▸ INSTRUCTIONS FOR THE TASK: Below is a block of records; return all of them exactly, but without the images.
=-=-=-=-=
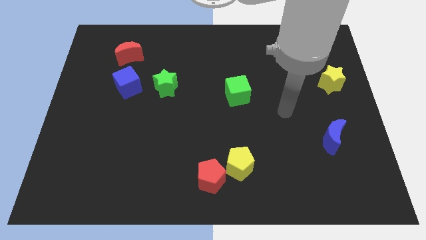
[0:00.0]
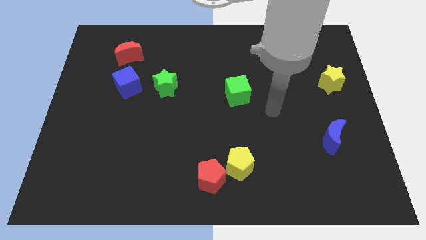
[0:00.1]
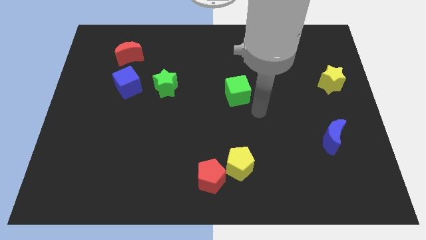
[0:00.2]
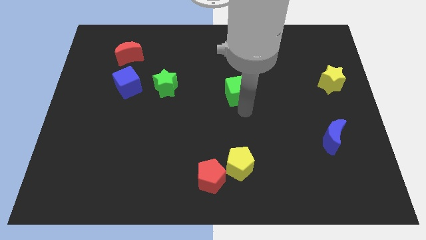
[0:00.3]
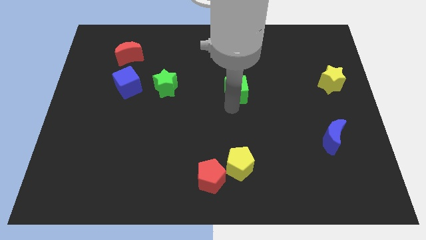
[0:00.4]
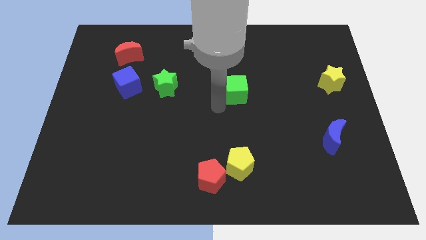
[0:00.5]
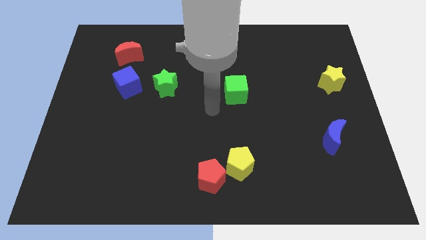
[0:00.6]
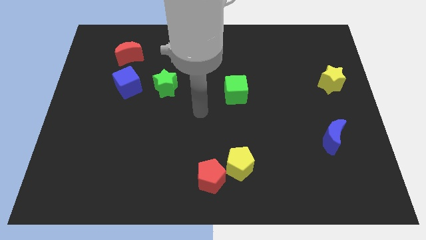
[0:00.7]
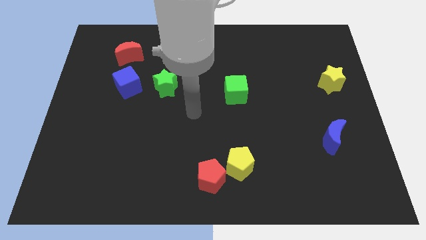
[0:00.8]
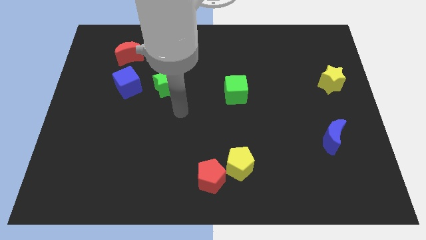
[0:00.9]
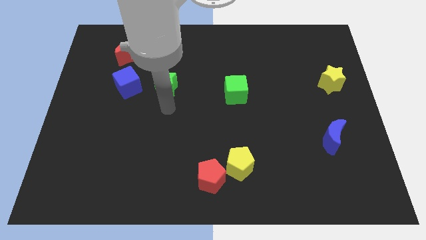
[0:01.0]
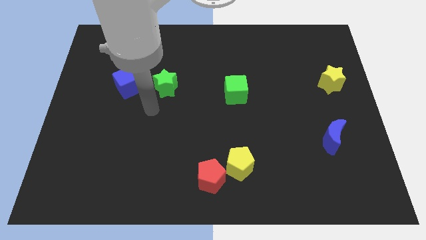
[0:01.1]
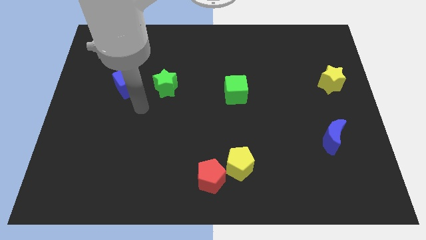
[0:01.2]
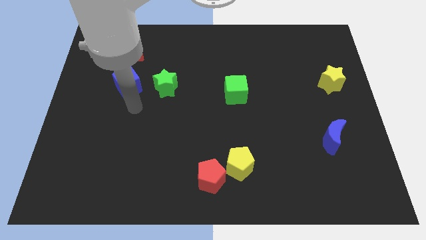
=-=-=-=-=
▸ RESPONSE FOR THIS EXERCISE:
[0:00.0]
[0:00.1]
[0:00.2]
[0:00.3]
[0:00.4]
[0:00.5]
[0:00.6]
[0:00.7]
[0:00.8]
[0:00.9]
[0:01.0]
[0:01.1]
[0:01.2]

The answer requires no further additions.